Edward Hawtrey

Personal information
- Born: 10 October 1847 Windsor, Berkshire, England
- Died: 14 August 1916 (aged 68) Westgate-on-Sea, Kent, England

Sport
- Sport: Athletics / Cricket
- Event: 1 mile
- Club: Eton College

= Edward Hawtrey (sportsman) =

English cricketer and schoolmaster

Edward Montague Hawtrey (10 October 1847 – 14 August 1916) was an English first-class cricketer and schoolmaster.

== Biography ==
The son of The Reverend John Hawtrey, he was born at Windsor in October 1847. He was educated at Eton College, before going up to St John's College, Cambridge.

He was active in athletics while at Eton and Cambridge and won the silver medal in the 1 mile event at the 1868 AAC Championships, the silver medal in the 4 miles event at the 1869 AAC Championships and 1870 AAC Championships.

He was a member of the Cambridge University Athletics Club, for which he served a president in 1872. Hawtrey competed in the 3 mile race university race in 1872, in which he finished in a dead heat in 15 minutes 44 seconds with Oxford's Robin Benson. He gained athletics blues in 1870, 1871 and 1872.

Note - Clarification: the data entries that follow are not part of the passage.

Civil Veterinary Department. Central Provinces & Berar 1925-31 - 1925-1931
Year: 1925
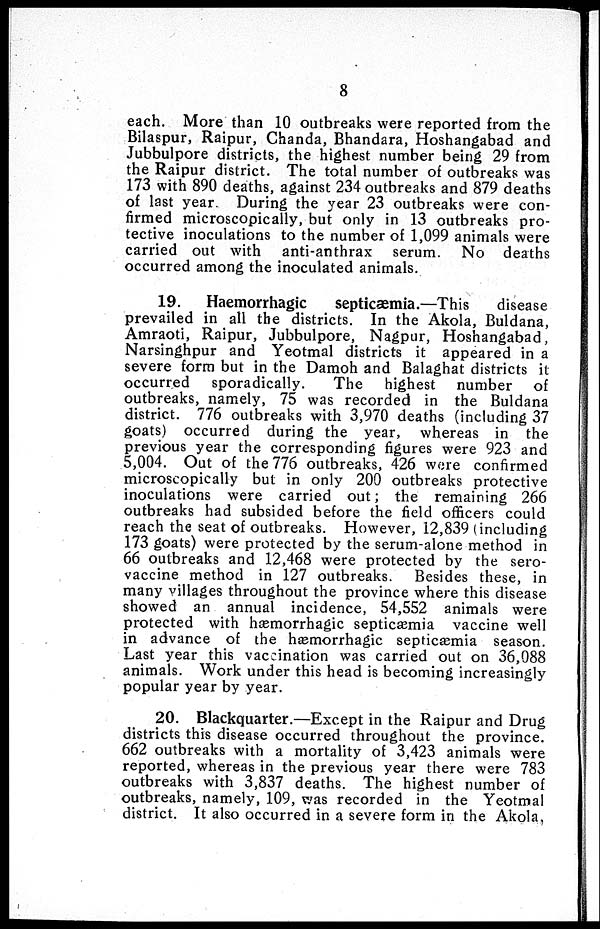
8
each. More than 10 outbreaks were reported from the
Bilaspur, Raipur, Chanda, Bhandara, Hoshangabad and
Jubbulpore districts, the highest number being 29 from
the Raipur district. The total number of outbreaks was
173 with 890 deaths, against 234 outbreaks and 879 deaths
of last year. During the year 23 outbreaks were con-
firmed microscopically, but only in 13 outbreaks pro-
tective inoculations to the number of 1,099 animals were
carried out with anti-anthrax serum. No deaths
occurred among the inoculated animals.
19.
Haemorrhagic
septicæmia.—This
disease
prevailed in all the districts. In the Akola, Buldana,
Amraoti, Raipur, Jubbulpore, Nagpur, Hoshangabad,
Narsinghpur and Yeotmal districts it appeared in a
severe form but in the Damoh and Balaghat districts it
occurred
sporadically.
The highest number of
outbreaks, namely, 75 was recorded in the Buldana
district. 776 outbreaks with 3,970 deaths (including 37
goats) occurred during the year, whereas in the
previous year the corresponding figures were 923 and
5,004. Out of the 776 outbreaks, 426 were confirmed
microscopically but in only 200 outbreaks protective
inoculations were carried out; the remaining 266
outbreaks had subsided before the field officers could
reach the seat of outbreaks. However, 12,839 (including
173 goats) were protected by the serum-alone method in
66 outbreaks and 12,468 were protected by the sero-
vaccine method in 127 outbreaks. Besides these, in
many villages throughout the province where this disease
showed an annual incidence, 54,552 animals were
protected with hæmorrhagic septicæmia vaccine well
in advance of the hæmorrhagic septicæmia season.
Last year this vaccination was carried out on 36,088
animals. Work under this head is becoming increasingly
popular year by year.
20. Blackquarter.—Except in the Raipur and Drug
districts this disease occurred throughout the province.
662 outbreaks with a mortality of 3,423 animals were
reported, whereas in the previous year there were 783
outbreaks with 3,837 deaths. The highest number of
outbreaks, namely, 109, was recorded in the Yeotmal
district. It also occurred in a severe form in the Akola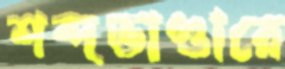
শব্দভাণ্ডারে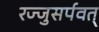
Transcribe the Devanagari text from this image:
रज्जुसर्पवत्‌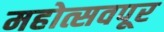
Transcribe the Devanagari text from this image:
महोत्सवपूर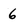
Character: 6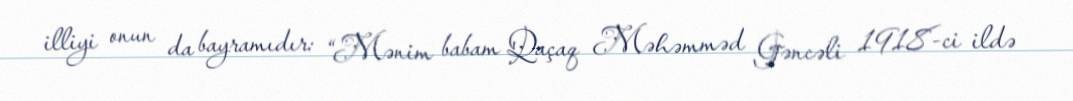
illiyi onun da bayramıdır: “Mənim babam Qaçaq Məhəmməd Gəncəli 1918-ci ildə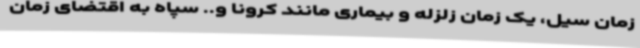
زمان سیل، یک زمان زلزله و بیماری مانند کرونا و.. سپاه به اقتضای زمان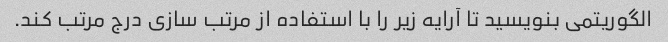
الگوریتمی بنویسید تا آرایه زیر را با استفاده از مرتب سازی درج مرتب کند.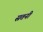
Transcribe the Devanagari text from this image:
सतनी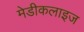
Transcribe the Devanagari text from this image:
मेडीकलाइज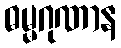
ဓမ္မဂုဏာန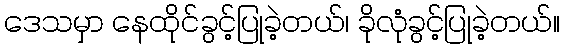
ဒေသမှာ နေထိုင်ခွင့်ပြုခဲ့တယ်၊ ခိုလုံခွင့်ပြုခဲ့တယ်။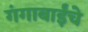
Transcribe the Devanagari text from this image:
गंगाबाईंचे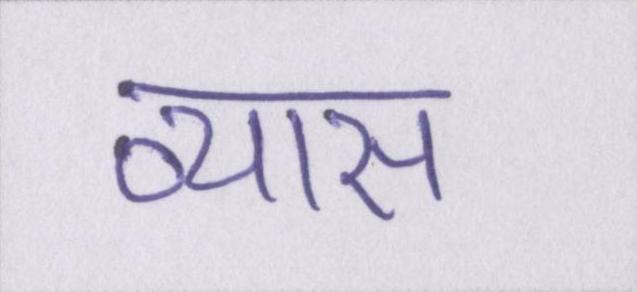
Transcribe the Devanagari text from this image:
व्यास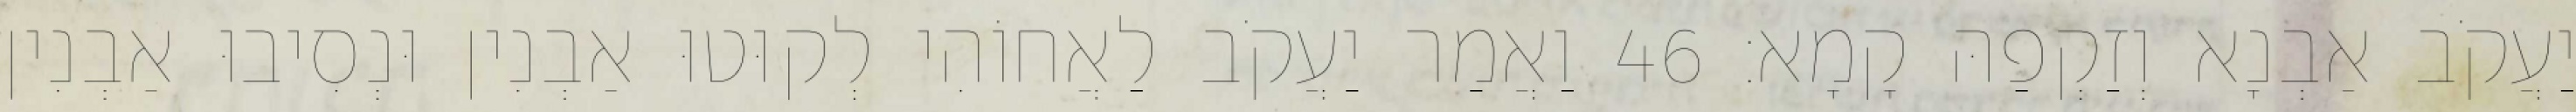
יַעֲקֹב אַבְנָא וְזַקְפַהּ קָמָא׃ 46 וַאֲמַר יַעֲקֹב לַאֲחוֹהִי לְקוּטוּ אַבְנִין וּנְסִיבוּ אַבְנִין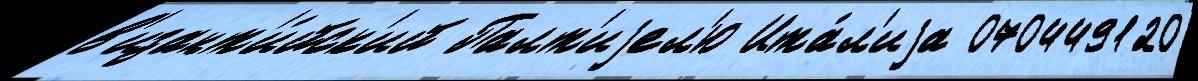
в'изант'и́йск'ий Палт'иjел'ю Ита́л'иjа 070449120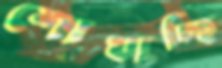
শোখাচ্ছি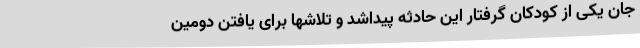
جان یکی از کودکان گرفتار این حادثه پیداشد و تلاشها برای یافتن دومین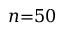
n { = } 5 0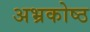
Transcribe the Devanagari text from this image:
अभ्रकोष्ठ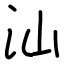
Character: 汕
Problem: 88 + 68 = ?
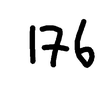
Handwritten answer: 176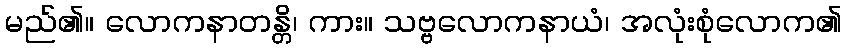
မည်၏။ လောကနာတန္တိ၊ ကား။ သဗ္ဗလောကနာယံ၊ အလုံးစုံလောက၏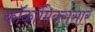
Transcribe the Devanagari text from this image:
काॅकॉमिक्ससार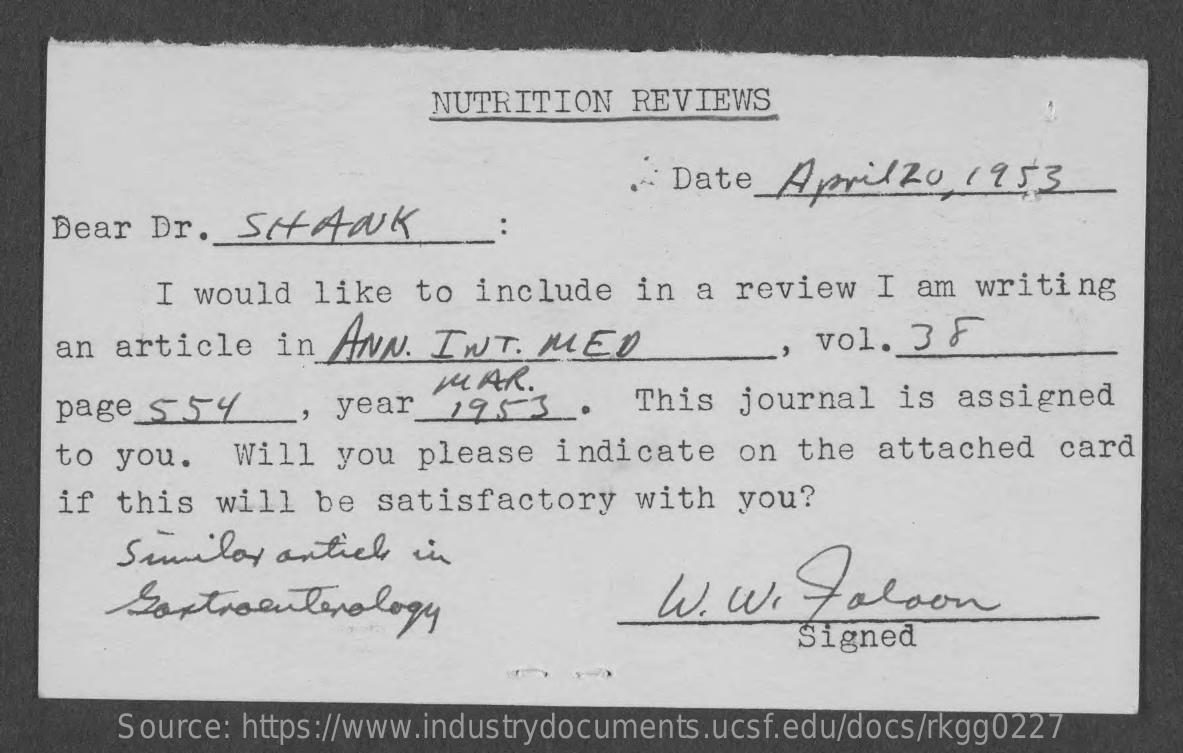
NUTRITION   REVIEWS
     Date   Aprilzo    1 953
    Dear Dr.   Stwk
     I would   like  to  include   in  a review   I am  writing
    an article   in  ANN.  IWT.   MED    , vol.  3 ₣
     MAR   .
    page 554    _,   year_19s    This  journal   is  assigned
    to you.    Will  you  please   indicate   on  the  attached   card
    if this   will  be  satisfactory    with  you?
     Similar  articles in
     W.  W.    falcon
     Signed
     Source: https://www.industrydocuments.ucsf.edu/docs/rkgg0227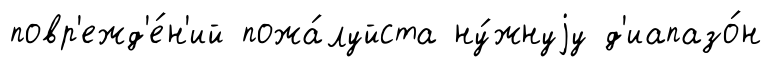
повр'ежд'е́н'ий пожа́луйста ну́жнуjу д'иапазо́н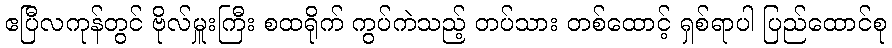
ဧပြီလကုန်တွင် ဗိုလ်မှူးကြီး စထရိုက် ကွပ်ကဲသည့် တပ်သား တစ်ထောင့် ရှစ်ရာပါ ပြည်ထောင်စု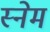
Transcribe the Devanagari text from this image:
स्नेम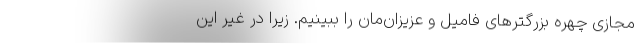
مجازی چهره بزرگترهای فامیل و عزیزان‌مان را ببینیم. زیرا در غیر این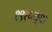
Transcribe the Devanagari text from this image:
१९१५च्या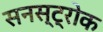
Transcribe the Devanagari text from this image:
सनस्ट्रोक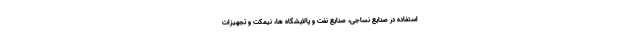
استفاده در صنایع نساجی، صنایع نفت و پالایشگاه ها، نیمکت و تجهیزات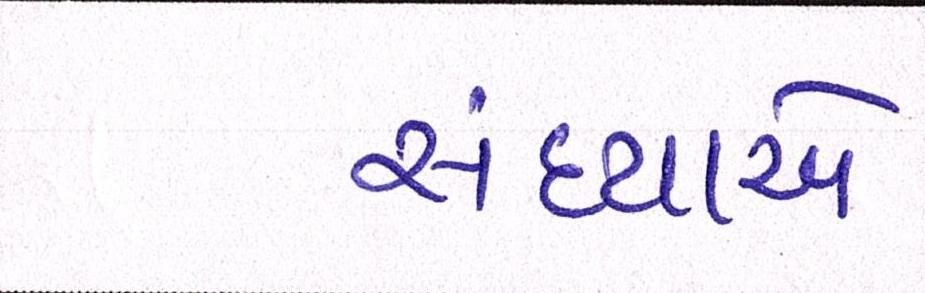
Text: સંધ્યાએ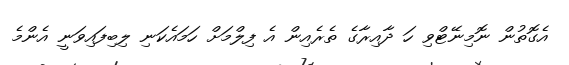
އެގޮތުން ނޮމިނޭޓްވި ހަ ދާއިރާގެ ތެރެއިން އެ ފިލްމަށް ހަމައެކަނި ލިބިފައިވަނީ އެންމެ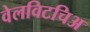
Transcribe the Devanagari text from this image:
वेलविटचिअ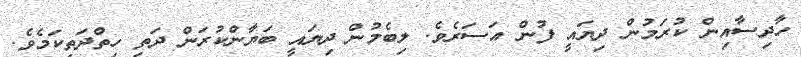
ހާދިސާއިން ކުރަމުން ދިޔައީ ފުން އަސަރެވެ. ލިބެމުން ދިޔައީ ބަޔާންކުރަން ދަތި ހިތްދަތިކަމެވެ.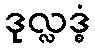
ဒုလ္လဒ္ဓံ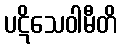
ပဋိသေဝါမီတိ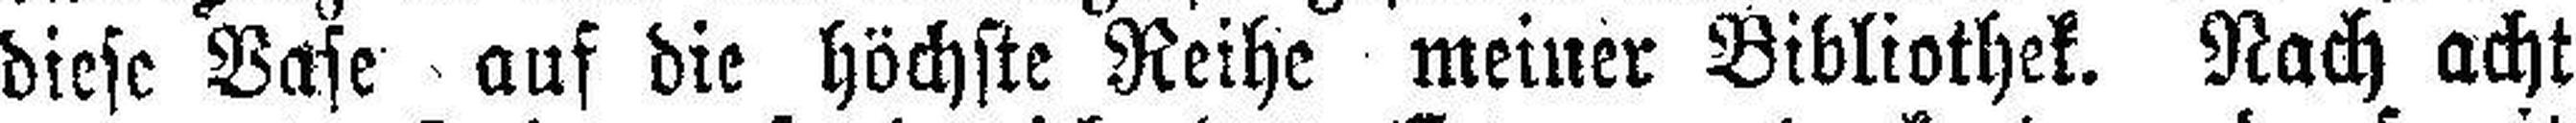
diese Vase auf die höchste Reihe meiner Bibliothek. Nach acht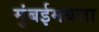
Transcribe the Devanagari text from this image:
मुंबईमधला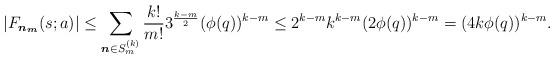
LaTeX: \begin{align*}|F_{\boldsymbol{n_m}}(s; a)|\leq \sum_{\boldsymbol{n}\in S_m^{(k)}} \frac{k!}{m!} 3^{\frac{k-m}{2}} (\phi(q))^{k-m}\leq 2^{k-m} k^{k-m} (2\phi(q))^{k-m}=(4k\phi(q))^{k-m}.\end{align*}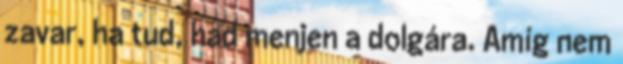
zavar, ha tud, had menjen a dolgára. Amíg nem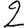
Digit: 2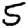
Digit: 5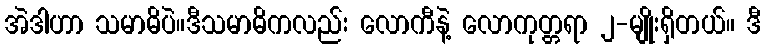
အဲဒါဟာ သမာဓိပဲ။ဒီသမာဓိကလည်း လောကီနဲ့ လောကုတ္တရာ ၂-မျိုးရှိတယ်။ ဒီ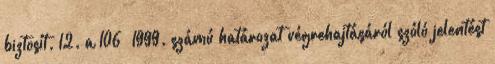
biztosít. 12. a 106 1999. számú határozat végrehajtásáról szóló jelentést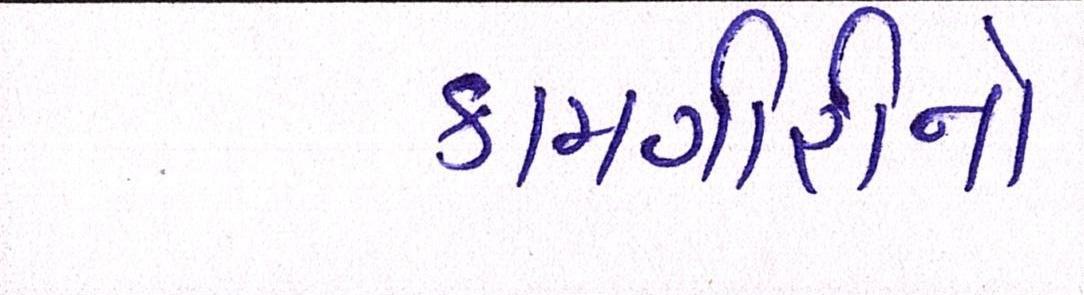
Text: કામગીરીનો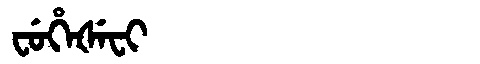
Manchu: ᠸᡠᡥᡝᡧᡝᠸᡳ
Romanization: FUHEŠEFI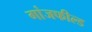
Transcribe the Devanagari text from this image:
गांजफील्ड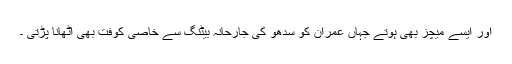
اور ایسے میچز بھی ہوتے جہاں عمران کو سدھو کی جارحانہ بیٹنگ سے خاصی کوفت بھی اٹھانا پڑتی ۔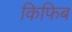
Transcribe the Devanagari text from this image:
किफिब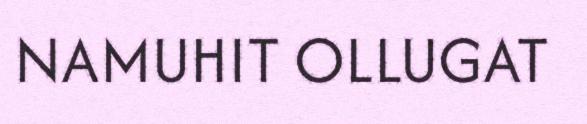
NAMUHIT OLLUGAT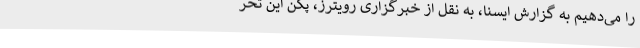
را می‌دهیم به گزارش ایسنا، به نقل از خبرگزاری رویترز، پکن این تحر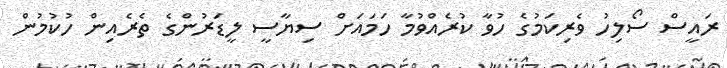
ރައީސް ސޯލިހު ވެރިކަމުގެ ހުވާ ކުރެއްވުމާ ހަމައަށް ސިޔާސީ ލީޑަރުންގެ ތެރެއިން ހުކުމުން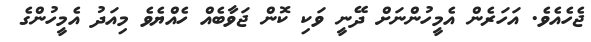
ޖެހެއެވެ. އަހަރެން އެމީހުންނަށް ދޭނީ ވަކި ކޮން ޖަވާބެއް ހެއްޔެވެ މިއަދު އެމީހުންގެ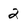
Character: 2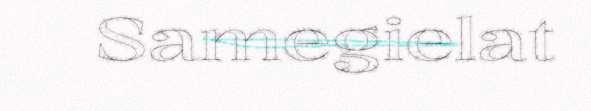
Samegielat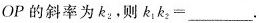
OP的斜率为k_{2}，则$$k _ { 1 } k _ { 2 } = ___$$。

After graduating from Cambridge he became the headmaster of Hawtreys in 1873 (which had been founded by his father in 1869), overseeing the schools move to Westgate-on-Sea in 1883. He later played first-class cricket for the Marylebone Cricket Club, making two appearances against Hampshire in 1880 and Somerset in 1882. He struggled as a batsman, scoring just one run across four innings', while as a bowler he took 2 wickets. Hawtrey was headmaster at Hawtreys until his death at Westgate in August 1916. His brother was the footballer and FA Cup winner John Hawtrey, while his youngest brother was the actor Charles Hawtrey.